Dentro i pozzi. Ferracuti aveva incontrato Mereu a Nuraxi Figus: «Scesi con lui sottoterra, avevano allestito una sala con tavoli di fortuna e cavalletti e convocato una conferenza stampa a livello -373, davanti al deposito erano custoditi 600 chili di tritolo e i detonatori». Parla di Massole, un uomo speciale, che ha raccontato «il corpo martoriato e sacrificato del minatore». E ne riporta una frase che tutto dice dello sfruttamento bestiale incessantemente attuato sugli operai: «In miniera si dice sono morti in tanti. Non è vero. In miniera sono stati uccisi i molti, i molti, i molti sono stati uccisi in miniera.
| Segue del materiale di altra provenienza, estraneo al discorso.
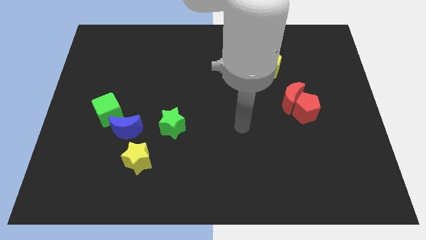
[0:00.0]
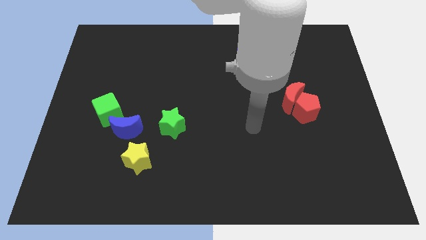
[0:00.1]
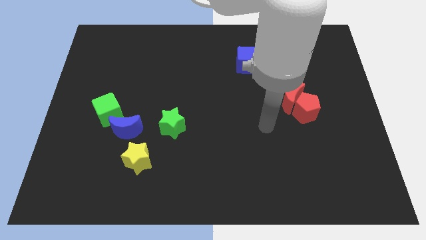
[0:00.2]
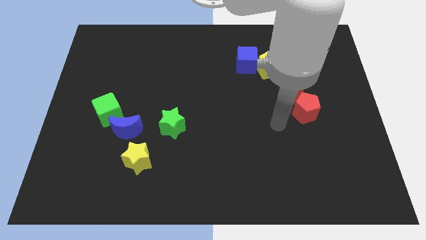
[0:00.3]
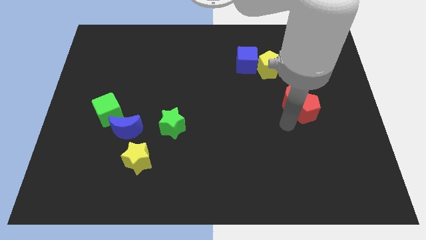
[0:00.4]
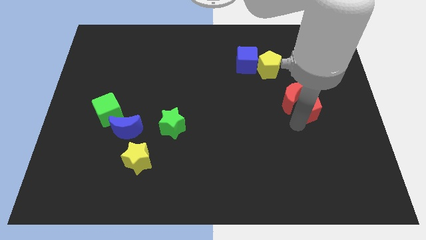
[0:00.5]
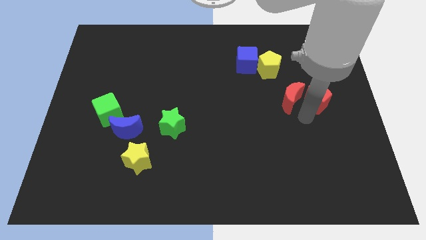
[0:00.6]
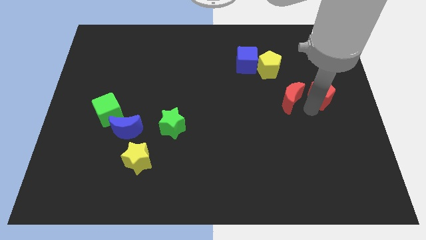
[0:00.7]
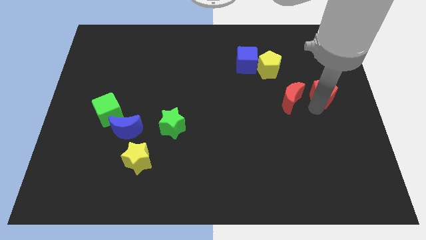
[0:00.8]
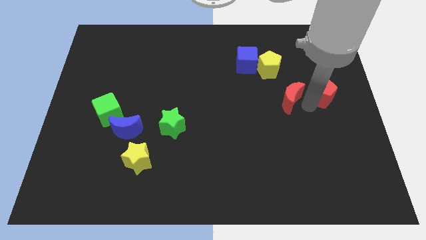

Nessuno è andato a finire dentro, probabilmente giustamente. Il responsabile era la società, eravamo tutti noi». Così Ferracuti descrive Massole: «La sua testimonianza politica diventa storia dei vinti. Ancora la testa calva, le rughe espressive, ripete che tutti non siano riusciti a cambiare la società». E per non dimenticare – e citando un documentario di Daniele Atzeni del 2002 – ripete: «In miniera non sono morti i minatori, la società, tutti noi li abbiamo uccisi».

L’età dell’alluminio. Chiuse le miniere ecco i giorni dell’alluminio. Che, certo, era necessario per sostituire il lavoro distrutto e crearne del nuovo. Ma è diventata una storia di inquinamento, di industrie (anche a partecipazione statale) gestite malissimo, dirette peggio, manager incapaci, ciminiere fumanti di polveri dannose alla salute. Un po’ di cronaca per dire che nulla cambia. Scrive Ferracuti: «Vengo a sapere che l’Alcoa sposta le produzioni in Arabia Saudita, Norvegia e Islanda. Il progetto Kàrahnjùkar prevedeva la distruzione di tremila chilometri quadrati di paesaggio incontaminato. L’area selvaggia più grande d’Europa venne inondata da tre laghi artificiali e dalle scorie di una imponente fabbrica di alluminio con la regia dell’italiana Impregilo, che impiegava manodopera cinese, polacca e portoghese con paghe basse e condizioni di lavoro ai limiti del lecito».

Storie devastanti di un Paese e di una Sardegna che non sanno rispondere al quo vadis. La nebulosa-Italia di oggi può solo evocare il lavoro che c’era una volta.